■ Task ■
Please transcribe every entry below exactly as written.

Excerpts from a dataset:

"""

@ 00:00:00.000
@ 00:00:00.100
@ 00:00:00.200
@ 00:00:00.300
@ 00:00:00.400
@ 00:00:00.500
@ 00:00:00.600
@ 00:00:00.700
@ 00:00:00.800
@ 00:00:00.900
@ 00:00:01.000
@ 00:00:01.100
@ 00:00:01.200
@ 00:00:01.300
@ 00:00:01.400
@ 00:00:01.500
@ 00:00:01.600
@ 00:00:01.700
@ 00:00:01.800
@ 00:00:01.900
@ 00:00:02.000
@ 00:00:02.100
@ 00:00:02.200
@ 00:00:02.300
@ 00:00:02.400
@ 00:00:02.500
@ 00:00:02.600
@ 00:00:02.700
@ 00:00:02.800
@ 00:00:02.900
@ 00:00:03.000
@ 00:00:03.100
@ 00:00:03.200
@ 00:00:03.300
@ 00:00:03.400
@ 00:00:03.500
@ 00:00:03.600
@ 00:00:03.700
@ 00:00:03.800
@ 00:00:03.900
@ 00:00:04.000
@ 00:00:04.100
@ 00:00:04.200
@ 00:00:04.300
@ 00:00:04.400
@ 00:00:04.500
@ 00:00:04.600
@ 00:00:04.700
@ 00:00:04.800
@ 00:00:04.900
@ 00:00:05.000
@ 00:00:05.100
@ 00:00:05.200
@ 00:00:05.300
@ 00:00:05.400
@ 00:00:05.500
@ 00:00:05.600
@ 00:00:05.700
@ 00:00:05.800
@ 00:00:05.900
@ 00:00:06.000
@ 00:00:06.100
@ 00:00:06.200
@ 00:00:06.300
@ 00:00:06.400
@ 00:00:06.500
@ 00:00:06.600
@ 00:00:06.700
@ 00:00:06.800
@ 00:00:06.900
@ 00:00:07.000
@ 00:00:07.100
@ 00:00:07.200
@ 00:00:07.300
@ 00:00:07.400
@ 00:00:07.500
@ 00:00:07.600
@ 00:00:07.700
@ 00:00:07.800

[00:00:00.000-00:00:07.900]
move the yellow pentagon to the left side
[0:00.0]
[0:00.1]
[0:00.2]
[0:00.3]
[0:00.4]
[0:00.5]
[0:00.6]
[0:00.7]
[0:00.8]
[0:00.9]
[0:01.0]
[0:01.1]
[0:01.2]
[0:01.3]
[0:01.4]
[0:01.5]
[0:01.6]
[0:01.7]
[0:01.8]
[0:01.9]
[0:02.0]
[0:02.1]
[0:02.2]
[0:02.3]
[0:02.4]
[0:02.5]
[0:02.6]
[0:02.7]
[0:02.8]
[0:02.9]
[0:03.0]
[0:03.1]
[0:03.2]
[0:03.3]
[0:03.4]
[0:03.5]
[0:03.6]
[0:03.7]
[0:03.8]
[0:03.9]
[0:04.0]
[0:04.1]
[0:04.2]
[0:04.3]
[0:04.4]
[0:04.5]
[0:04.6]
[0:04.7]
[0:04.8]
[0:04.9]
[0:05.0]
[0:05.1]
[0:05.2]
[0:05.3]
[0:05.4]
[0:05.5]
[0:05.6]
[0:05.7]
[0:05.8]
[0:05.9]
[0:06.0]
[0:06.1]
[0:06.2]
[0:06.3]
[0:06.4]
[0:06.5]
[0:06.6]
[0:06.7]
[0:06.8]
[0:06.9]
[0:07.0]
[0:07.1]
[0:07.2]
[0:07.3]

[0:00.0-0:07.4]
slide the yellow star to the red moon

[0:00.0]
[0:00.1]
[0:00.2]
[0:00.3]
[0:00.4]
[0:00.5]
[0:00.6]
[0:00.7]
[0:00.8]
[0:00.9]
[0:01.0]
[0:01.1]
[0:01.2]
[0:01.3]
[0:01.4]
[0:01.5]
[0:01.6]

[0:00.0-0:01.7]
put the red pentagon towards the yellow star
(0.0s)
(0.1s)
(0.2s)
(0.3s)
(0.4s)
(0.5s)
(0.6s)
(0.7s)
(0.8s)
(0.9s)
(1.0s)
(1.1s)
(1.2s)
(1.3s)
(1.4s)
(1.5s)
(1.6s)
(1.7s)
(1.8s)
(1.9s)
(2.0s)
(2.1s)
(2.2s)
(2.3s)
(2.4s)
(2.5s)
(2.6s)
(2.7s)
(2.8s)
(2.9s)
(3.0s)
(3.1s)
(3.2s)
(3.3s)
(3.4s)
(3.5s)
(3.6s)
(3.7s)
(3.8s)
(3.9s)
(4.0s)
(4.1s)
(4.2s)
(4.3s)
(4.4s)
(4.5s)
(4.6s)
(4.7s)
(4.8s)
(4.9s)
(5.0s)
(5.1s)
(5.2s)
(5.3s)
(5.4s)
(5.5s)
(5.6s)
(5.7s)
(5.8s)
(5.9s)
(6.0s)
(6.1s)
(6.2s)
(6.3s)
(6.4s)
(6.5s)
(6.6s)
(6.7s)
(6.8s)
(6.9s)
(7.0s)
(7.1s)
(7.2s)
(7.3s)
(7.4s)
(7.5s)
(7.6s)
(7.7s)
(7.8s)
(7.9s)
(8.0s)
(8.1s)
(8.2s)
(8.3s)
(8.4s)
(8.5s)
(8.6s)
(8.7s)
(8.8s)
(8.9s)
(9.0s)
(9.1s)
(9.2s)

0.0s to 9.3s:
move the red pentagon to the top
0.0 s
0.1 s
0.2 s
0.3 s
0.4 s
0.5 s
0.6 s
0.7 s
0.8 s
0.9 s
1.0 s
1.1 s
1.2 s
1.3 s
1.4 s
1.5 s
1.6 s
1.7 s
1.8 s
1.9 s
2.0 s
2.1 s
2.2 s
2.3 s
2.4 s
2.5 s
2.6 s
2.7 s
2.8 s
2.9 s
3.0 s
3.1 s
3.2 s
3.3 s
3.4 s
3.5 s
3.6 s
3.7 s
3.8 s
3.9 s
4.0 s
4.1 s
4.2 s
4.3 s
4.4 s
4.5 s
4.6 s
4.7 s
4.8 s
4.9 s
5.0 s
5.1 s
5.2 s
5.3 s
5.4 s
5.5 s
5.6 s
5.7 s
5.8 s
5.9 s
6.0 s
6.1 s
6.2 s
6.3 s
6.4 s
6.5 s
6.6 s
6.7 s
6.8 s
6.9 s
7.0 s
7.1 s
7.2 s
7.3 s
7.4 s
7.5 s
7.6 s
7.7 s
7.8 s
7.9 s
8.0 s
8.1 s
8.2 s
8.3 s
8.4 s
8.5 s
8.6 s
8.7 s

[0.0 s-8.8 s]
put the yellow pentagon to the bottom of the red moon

"""

■ Task output ■
@ 00:00:00.000
@ 00:00:00.100
@ 00:00:00.200
@ 00:00:00.300
@ 00:00:00.400
@ 00:00:00.500
@ 00:00:00.600
@ 00:00:00.700
@ 00:00:00.800
@ 00:00:00.900
@ 00:00:01.000
@ 00:00:01.100
@ 00:00:01.200
@ 00:00:01.300
@ 00:00:01.400
@ 00:00:01.500
@ 00:00:01.600
@ 00:00:01.700
@ 00:00:01.800
@ 00:00:01.900
@ 00:00:02.000
@ 00:00:02.100
@ 00:00:02.200
@ 00:00:02.300
@ 00:00:02.400
@ 00:00:02.500
@ 00:00:02.600
@ 00:00:02.700
@ 00:00:02.800
@ 00:00:02.900
@ 00:00:03.000
@ 00:00:03.100
@ 00:00:03.200
@ 00:00:03.300
@ 00:00:03.400
@ 00:00:03.500
@ 00:00:03.600
@ 00:00:03.700
@ 00:00:03.800
@ 00:00:03.900
@ 00:00:04.000
@ 00:00:04.100
@ 00:00:04.200
@ 00:00:04.300
@ 00:00:04.400
@ 00:00:04.500
@ 00:00:04.600
@ 00:00:04.700
@ 00:00:04.800
@ 00:00:04.900
@ 00:00:05.000
@ 00:00:05.100
@ 00:00:05.200
@ 00:00:05.300
@ 00:00:05.400
@ 00:00:05.500
@ 00:00:05.600
@ 00:00:05.700
@ 00:00:05.800
@ 00:00:05.900
@ 00:00:06.000
@ 00:00:06.100
@ 00:00:06.200
@ 00:00:06.300
@ 00:00:06.400
@ 00:00:06.500
@ 00:00:06.600
@ 00:00:06.700
@ 00:00:06.800
@ 00:00:06.900
@ 00:00:07.000
@ 00:00:07.100
@ 00:00:07.200
@ 00:00:07.300
@ 00:00:07.400
@ 00:00:07.500
@ 00:00:07.600
@ 00:00:07.700
@ 00:00:07.800

[00:00:00.000-00:00:07.900]
move the yellow pentagon to the left side
[0:00.0]
[0:00.1]
[0:00.2]
[0:00.3]
[0:00.4]
[0:00.5]
[0:00.6]
[0:00.7]
[0:00.8]
[0:00.9]
[0:01.0]
[0:01.1]
[0:01.2]
[0:01.3]
[0:01.4]
[0:01.5]
[0:01.6]
[0:01.7]
[0:01.8]
[0:01.9]
[0:02.0]
[0:02.1]
[0:02.2]
[0:02.3]
[0:02.4]
[0:02.5]
[0:02.6]
[0:02.7]
[0:02.8]
[0:02.9]
[0:03.0]
[0:03.1]
[0:03.2]
[0:03.3]
[0:03.4]
[0:03.5]
[0:03.6]
[0:03.7]
[0:03.8]
[0:03.9]
[0:04.0]
[0:04.1]
[0:04.2]
[0:04.3]
[0:04.4]
[0:04.5]
[0:04.6]
[0:04.7]
[0:04.8]
[0:04.9]
[0:05.0]
[0:05.1]
[0:05.2]
[0:05.3]
[0:05.4]
[0:05.5]
[0:05.6]
[0:05.7]
[0:05.8]
[0:05.9]
[0:06.0]
[0:06.1]
[0:06.2]
[0:06.3]
[0:06.4]
[0:06.5]
[0:06.6]
[0:06.7]
[0:06.8]
[0:06.9]
[0:07.0]
[0:07.1]
[0:07.2]
[0:07.3]

[0:00.0-0:07.4]
slide the yellow star to the red moon

[0:00.0]
[0:00.1]
[0:00.2]
[0:00.3]
[0:00.4]
[0:00.5]
[0:00.6]
[0:00.7]
[0:00.8]
[0:00.9]
[0:01.0]
[0:01.1]
[0:01.2]
[0:01.3]
[0:01.4]
[0:01.5]
[0:01.6]

[0:00.0-0:01.7]
put the red pentagon towards the yellow star
(0.0s)
(0.1s)
(0.2s)
(0.3s)
(0.4s)
(0.5s)
(0.6s)
(0.7s)
(0.8s)
(0.9s)
(1.0s)
(1.1s)
(1.2s)
(1.3s)
(1.4s)
(1.5s)
(1.6s)
(1.7s)
(1.8s)
(1.9s)
(2.0s)
(2.1s)
(2.2s)
(2.3s)
(2.4s)
(2.5s)
(2.6s)
(2.7s)
(2.8s)
(2.9s)
(3.0s)
(3.1s)
(3.2s)
(3.3s)
(3.4s)
(3.5s)
(3.6s)
(3.7s)
(3.8s)
(3.9s)
(4.0s)
(4.1s)
(4.2s)
(4.3s)
(4.4s)
(4.5s)
(4.6s)
(4.7s)
(4.8s)
(4.9s)
(5.0s)
(5.1s)
(5.2s)
(5.3s)
(5.4s)
(5.5s)
(5.6s)
(5.7s)
(5.8s)
(5.9s)
(6.0s)
(6.1s)
(6.2s)
(6.3s)
(6.4s)
(6.5s)
(6.6s)
(6.7s)
(6.8s)
(6.9s)
(7.0s)
(7.1s)
(7.2s)
(7.3s)
(7.4s)
(7.5s)
(7.6s)
(7.7s)
(7.8s)
(7.9s)
(8.0s)
(8.1s)
(8.2s)
(8.3s)
(8.4s)
(8.5s)
(8.6s)
(8.7s)
(8.8s)
(8.9s)
(9.0s)
(9.1s)
(9.2s)

0.0s to 9.3s:
move the red pentagon to the top
0.0 s
0.1 s
0.2 s
0.3 s
0.4 s
0.5 s
0.6 s
0.7 s
0.8 s
0.9 s
1.0 s
1.1 s
1.2 s
1.3 s
1.4 s
1.5 s
1.6 s
1.7 s
1.8 s
1.9 s
2.0 s
2.1 s
2.2 s
2.3 s
2.4 s
2.5 s
2.6 s
2.7 s
2.8 s
2.9 s
3.0 s
3.1 s
3.2 s
3.3 s
3.4 s
3.5 s
3.6 s
3.7 s
3.8 s
3.9 s
4.0 s
4.1 s
4.2 s
4.3 s
4.4 s
4.5 s
4.6 s
4.7 s
4.8 s
4.9 s
5.0 s
5.1 s
5.2 s
5.3 s
5.4 s
5.5 s
5.6 s
5.7 s
5.8 s
5.9 s
6.0 s
6.1 s
6.2 s
6.3 s
6.4 s
6.5 s
6.6 s
6.7 s
6.8 s
6.9 s
7.0 s
7.1 s
7.2 s
7.3 s
7.4 s
7.5 s
7.6 s
7.7 s
7.8 s
7.9 s
8.0 s
8.1 s
8.2 s
8.3 s
8.4 s
8.5 s
8.6 s
8.7 s

[0.0 s-8.8 s]
put the yellow pentagon to the bottom of the red moon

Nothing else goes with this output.